Méditer la lecture
Autoportrait en lecteur est le seul livre de Marcel Cohen qu’il n’a pas écrit mais dans lequel on le lit à travers les mots et les paroles d’autrices et auteurs que l’on a soi-même pu avoir lus sans y chercher, ni y trouver, ce que l’écrivain a choisi d’en garder.
À mesure que la lecture, fragmentée, vous entraîne dans cet ouvrage inclassable, elle livre autant quelque chose du lecteur qu’est Marcel Cohen lui-même que ce que d’autres — à sa place peut-être, et pour lui sans aucun doute — ont un jour écrit ou dit. En lisant, en écoutant, l’écrivain a comme attrapé au vol puis noté ou retenu un ensemble de fragments isolés de leur matrice qui, à l’intérieur du livre/montage, prennent une autre sidérante forme de vie. Ces fragments essentiels pour l’écrivain, repères intérieurs qui l’ont construit, l’ont soutenu, ont été patiemment archivés puis regroupés dans des chapitres sans titre.

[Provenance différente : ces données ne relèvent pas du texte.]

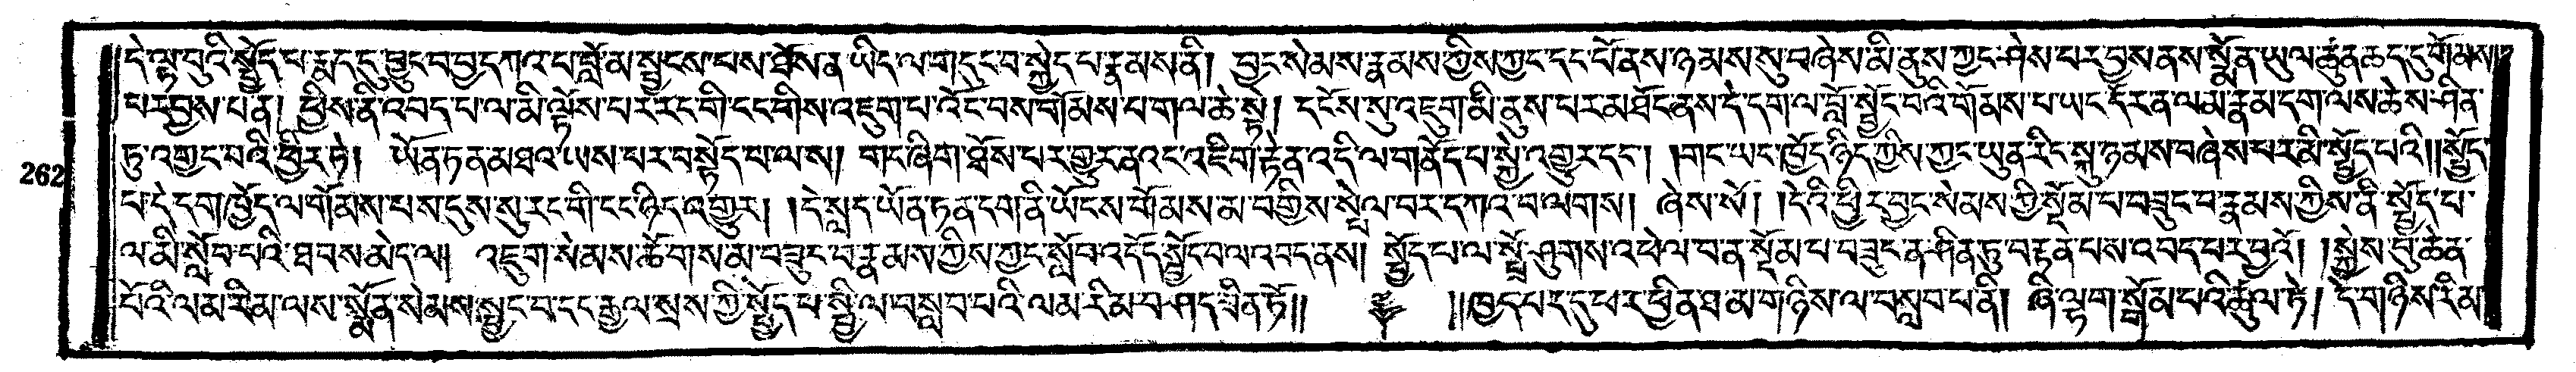དེ་ལྟ་བུའི་སྤྱོད་པ་རྨད་དུ་བྱུང་བ་བྱ་དཀའ་པ་བློ་མ་སྦྱངས་པས་ཐོས་ན་ཡིད་ལ་གདུང་བ་སྐྱེད་པ་རྣམས་ནི། བྱང་སེམས་རྣམས་ཀྱིས་ཀྱང་དང་པོ་ནས་ཉམས་སུ་བཞེས་མི་ནུས་ཀྱང་ཤེས་པར་བྱས་ནས་སྨོན་ཡུལ་ཚུན་ཆད་དུ་གོམས་
པར་བྱས་པ་ན། ཕྱིས་ནི་འབད་པ་ལ་མི་ལྟོས་པར་རང་གི་ངང་གིས་འཇུག་པ་འོང་བས་གོམས་པ་གལ་ཆེ་སྟེ། དངོས་སུ་འཇུག་མི་ནུས་པར་མཐོང་ནས་དེ་དག་ལ་བློ་སྦྱོང་བའི་གོམས་པ་ཡང་དར་ན་ལམ་རྣམ་དག་ལས་ཆེས་ཤིན་
ཏུ་འགྱང་བའི་ཕྱིར་ཏེ། ཡོན་ཏན་མཐའ་ཡས་པར་བསྟོད་པ་ལས། གང་ཞིག་ཐོས་པར་གྱུར་ནའང་འཇིག་རྟེན་འདི་ལ་གནོད་པ་སྐྱེ་འགྱུར་དང་། །གང་ཡང་ཁྱོད་ཉིད་ཀྱིས་ཀྱང་ཡུན་རིང་སྐུ་ཉམས་བཞེས་པར་མི་སྤྱོད་པའི། །སྤྱོད་
པ་དེ་དག་ཁྱོད་ལ་གོམས་པས་དུས་སུ་རང་གི་ངང་ཉིད་འགྱུར། །དེ་སླད་ཡོན་ཏན་དག་ནི་ཡོངས་གོམས་མ་བགྱིས་སྤེལ་བར་དཀའ་བ་ལགས། ཞེས་སོ། །དེའི་ཕྱིར་བྱང་སེམས་ཀྱི་སྡོམ་པ་བཟུང་བ་རྣམས་ཀྱིས་ནི་སྤྱོད་པ་
ལ་མི་སློབ་པའི་ཐབས་མེད་ལ། འཇུག་སེམས་ཆོ་གས་མ་བཟུང་བ་རྣམས་ཀྱིས་ཀྱང་སློབ་འདོད་སྤྱོད་བ་ལ་འབད་ནས། སྤྱོད་པ་ལ་སྤྲོ་ཤུགས་འཕེལ་བ་ན་སྡོམ་པ་བཟུང་ན་ཤིན་ཏུ་བརྟན་པས་འབད་པར་བྱའོ། །སྐྱེས་བུ་ཆེན་
པོའི་ལམ་རིམ་ལས་སྨོན་སེམས་སྦྱང་བ་དང་རྒྱལ་སྲས་ཀྱི་སྤྱོད་པ་སྤྱི་ལ་བསླབ་པའི་ལམ་རིམ་བཤད་ཟིན་ཏོ།། ༈ །།ཁྱད་པར་དུ་ཕར་ཕྱིན་ཐ་གཉིས་ལ་བསླབ་པ་ནི། ཞི་ལྷག་སྒོམ་པའི་ཚུལ་ཏེ། དེ་གཉིས་རིམ་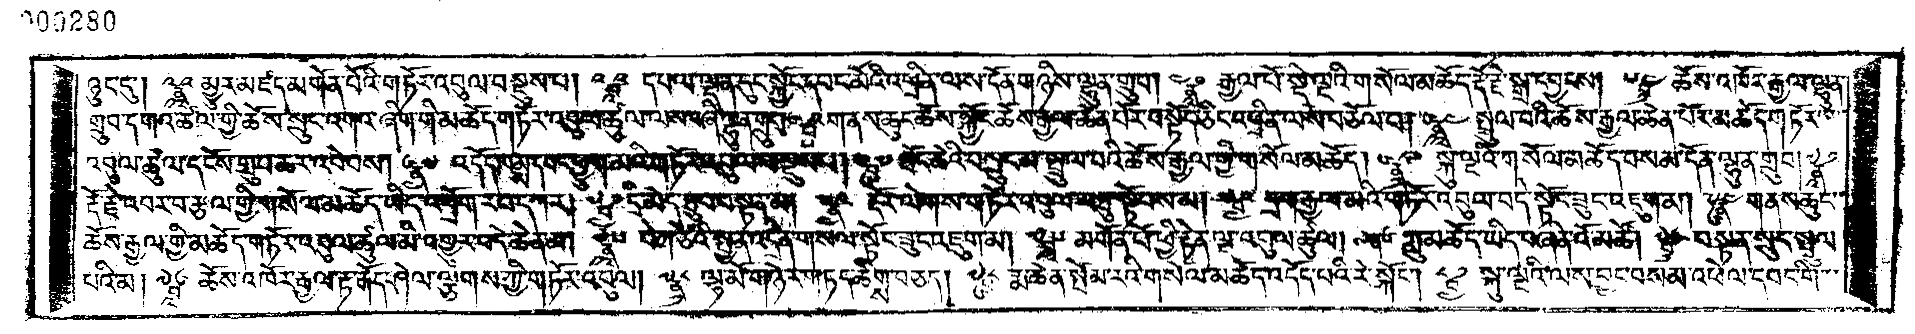ཉུང་དུ། ༢༢ན༣་མྱུར་མཛད་མགོན་པོའི་གཏོར་འབུལ་བསྡུས་པ། ༢༢བ༢་དཔལ་ལྡན་དུང་སྐྱོང་དབང་མོའི་འཕྲིན་ལས་དོན་གཉིས་ལྷུན་གྲུབ། ༤༠ན༢་རྒྱལ་པོ་སྡེ་ལྔའི་གསོལ་མཆོད་རྡོ་རྗེ་སྒྲ་དབྱངས། ༥༤བ༡་ཆོས་འཁོར་རྒྱལ་ལྷུན་
གྲུབ་དགའ་ཚལ་གྱི་ཆོས་སྲུང་འགའ་ཞིག་གི་མཆོད་གཏོར་འབུལ་ཚུལ་ལས་བཞི་ལྷུན་གྲུབ ༦༢བ༥་གནས་ཆུང་ཆོས་སྐྱོང་ཆོས་རྒྱལ་ཆེན་པོར་བསྟོད་ཅིང་འཕྲིན་ལས་བཅོལ་བ། ༦༤ན༣་སྤྲུལ་བའི་ཆོས་རྒྱལ་ཆེན་པོར་མཆོད་གཏོར་
འབུལ་ཚུལ་དངོས་གྲུབ་ཆར་འབེབས། ༦༧ན༤་འདོད་ཁམས་དབང་ཕྱུག་མའི་གཏོར་འབུལ་བསྡུས་པ། ༦༧བ༦་ཐོང་ཆེའི་བསྲུང་མ་སྤྲུལ་བའི་ཆོས་རྒྱལ་གྱི་གསོལ་མཆོད། ༦༩ན༡་སྐུ་ལྔའི་གསོལ་མཆོད་བསམ་དོན་ལྷུན་གྲུབ། ༧༡ན༢
རྡོ་རྗེ་འབར་བ་རྩལ་གྱི་གསོལ་མཆོད་ཡིད་འཕྲོག་རབ་དཀར། ༧༡བ༤་དྲི་མེད་ཐུབ་བསྟན་མ། ༧༢ན༤་རྡོར་ལེགས་གཏོར་འབུལ་མཐུ་སྟོབས་མ། ༧༢བ༤་དྲག་རྒྱལ་མའི་གཏོར་འབུལ་བདེ་སྟོང་ཟུང་འཇུག་མ། ༧༤ན༦་གནས་ཆུང་
ཆོས་རྒྱལ་གྱི་མཆོད་གཏོར་འབུལ་ཚུལ་མི་འགྱུར་བདེ་ཆེན་མ། ༧༥ན༣་བེཀ་ཙེའི་སྤྱན་འདྲེན་གསལ་སྟོང་ཟུང་འཇུག་མ། ༧༥བ༣་མགོན་པོ་ཕྱི་རྟེན་ལྔ་འབུལ་ཚུལ། ༧ན༦་ཀླུ་མཆོད་ཡིད་བཞིན་འོ་མཚོ། ༧༦བ༡་བསྟན་སྲུང་སྤྲུལ་
པའི་མ། ༧༦བ༢་ཆོས་འཁོར་རྒྱལ་རྟ་རྒོད་ཤེལ་ལྕགས་ཀྱི་གཏོར་འབུལ། ༧༨ན༡་ལྷ་མོ་གཉེར་གཏད་ཚིགས་བཅད། ༧༨བ༦་རྨ་ཆེན་སྤོམ་རའི་གསོལ་མཆོད་འདོད་པའི་རེ་སྐོང་། ༨༡བ༤་སྐུ་ལྔའི་ལས་བྱང་བསམ་འཕེལ་དབང་གི་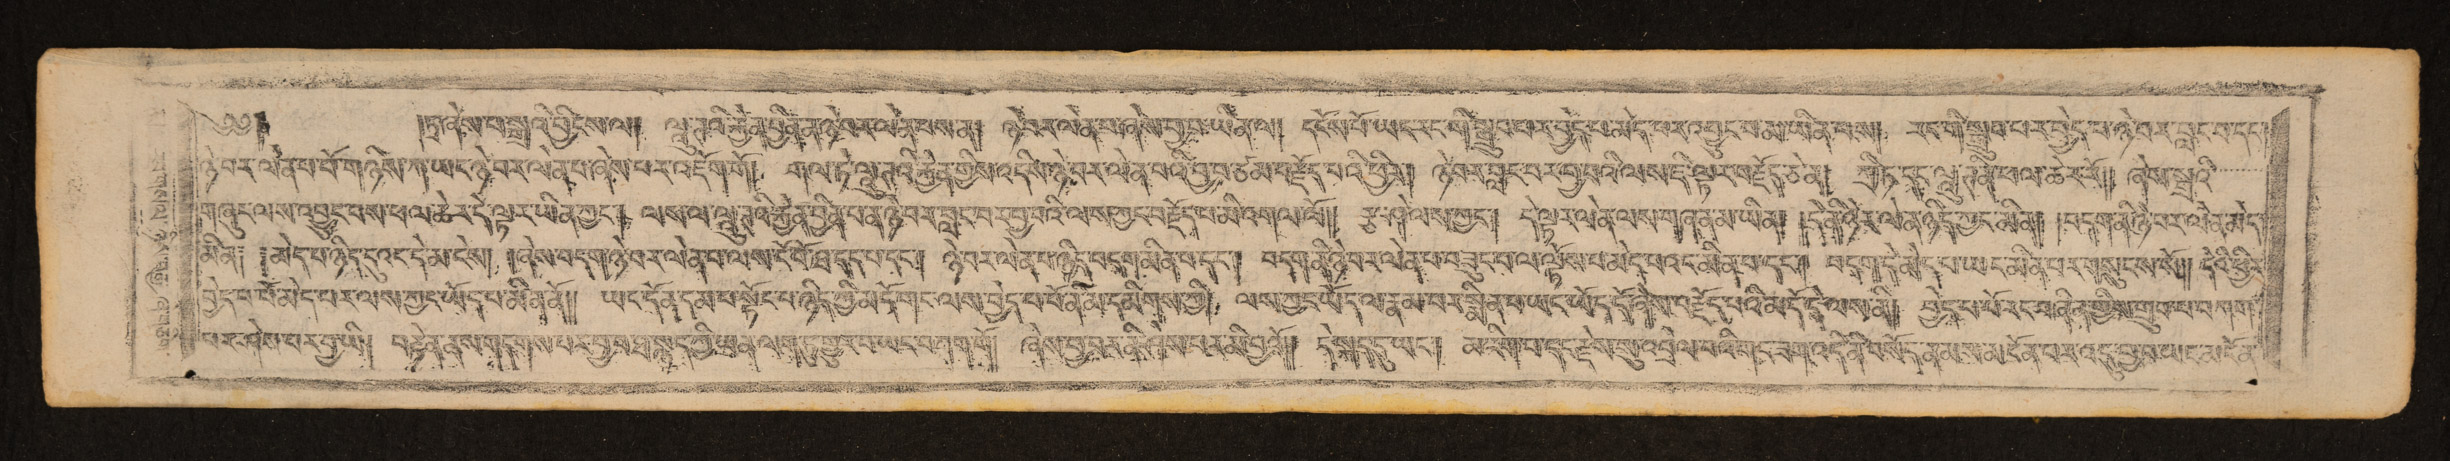༄༅། །ཏྲ་ཞེས་པ་སྒྲའི་བྱིངས་ལ། ལཱུ་ཊའི་རྐྱེན་བྱིན་ན་ཉེ་བར་ལེན་པས་ན། ཉེ་བར་ལེན་པ་ཞེས་བྱ་བ་ཡིན་ལ། དངོས་པོ་ཡང་རང་གི་སྒྲུབ་པར་བྱེད་པ་མེད་པར་འབྱུང་བ་མ་ཡིན་པས། རང་གི་སྒྲུབ་པར་བྱེད་པ་ཉེ་བར་བླང་བ་དང་།
ཉེ་བར་ལེན་པ་པོ་གཉིས་ཀ་ཡང་ཉེ་བར་ལེན་པ་ཞེས་པར་འཇོག་གོ། གལ་ཏེ་ལཱུ་ཊའི་རྐྱེན་གྱིས་འདིས་ཉེ་བར་ལེན་པའི་བྱ་བ་ཙམ་བརྗོད་པའི་ཕྱིར། ཉེ་བར་བླང་བར་བྱ་བའི་ལས་ཇི་ལྟར་བརྗོད་ཅེ་ན། ཀྲི་ཏ་དང་ལཱུ་ཊ་ནི་ཕལ་ཆེར་རོ།། ཞེས་སྒྲའི་
གཞུང་ལས་འབྱུང་བས་ཕལ་ཆེར་དེ་ལྟར་ཡིན་ཀྱང་། ལས་ལ་ལཱུ་ཊའི་རྐྱེན་བྱིན་པ་ན་ཉེ་བར་བླང་བར་བྱ་བའི་ལས་ཀྱང་བརྗོད་པ་མི་འགལ་ལོ།། རྩ་ཤེ་ལས་ཀྱང་། དེ་ལྟར་ལེན་ལས་གཞན་མ་ཡིན། །དེ་ནི་ཉེར་ལེན་ཉིད་ཀྱང་མིན། །བདག་ནི་ཉེ་བར་ལེན་མེད་
མིན༑ ༑མེད་པ་ཉིད་དུའང་དེ་མ་ངེས། །ཞེས་བདག་ཉེ་བར་ལེན་པ་ལས་ངོ་བོ་ཐ་དད་པ་དང་། ཉེ་བར་ལེན་པ་ཉིད་བདག་མིན་པ་དང་། བདག་ནི་ཉེ་བར་ལེན་པ་བཟུང་བ་ལ་ལྟོས་པ་མེད་པའང་མིན་པ་དང་། བདག་དེ་མེད་པ་ཡང་མིན་པར་གསུངས་སོ།། དེའི་ཕྱིར་
བྱེད་པ་པོ་མེད་པར་ལས་ཀྱང་ཡོད་པ་མིན་ནོ།། ཡང་དོན་དམ་པ་སྟོང་པ་ཉིད་ཀྱི་མདོ་གང་ལས་བྱེད་པ་པོ་ནི་མ་དམིགས་ཀྱི། ལས་ཀྱང་ཡོད་ལ་རྣམ་པར་སྨིན་པ་ཡང་ཡོད་དོ་ཞེས་བརྗོད་པའི་མདོ་དེ་ལས་ནི། བྱེད་པ་པོ་རང་བཞིན་གྱིས་གྲུབ་པ་བཀག་
པར་ཤེས་པར་བྱའི། བརྟེན་ནས་གདགས་པར་བྱ་བ་ཐ་སྙད་ཀྱི་ཡན་ལག་ཏུ་གྱུར་པ་ཡང་བཀག་གོ། ཞེས་བྱ་བར་ནི་ཤེས་པར་མི་བྱའོ།། དེ་སྐད་དུ་ཡང་། མ་རིག་པ་དང་རྗེས་སུ་འབྲེལ་བའི་གང་ཟག་འདི་ནི་བསོད་ནམས་མངོན་པར་འདུ་བྱ་བ་ཡང་མངོན་

Paroles retranscrites et bribes de textes ciselées font ainsi non seulement écho à la manière d’écrire de l’auteur (qui prélève au monde ses Faits), mais aussi à ce que la littérature a pu offrir au lecteur, à l’écrivain, à l’être humain qu’il est. Livrés au regard dans leur plus profond silence, leur plus grande solitude, ces textes empruntés pour laisser une empreinte forment, au fil des pages, une communauté aussi extraordinaire qu’improbable, réunie là par un esprit que leur vérité, leur simplicité, leur puissance muette a laissé sans voix.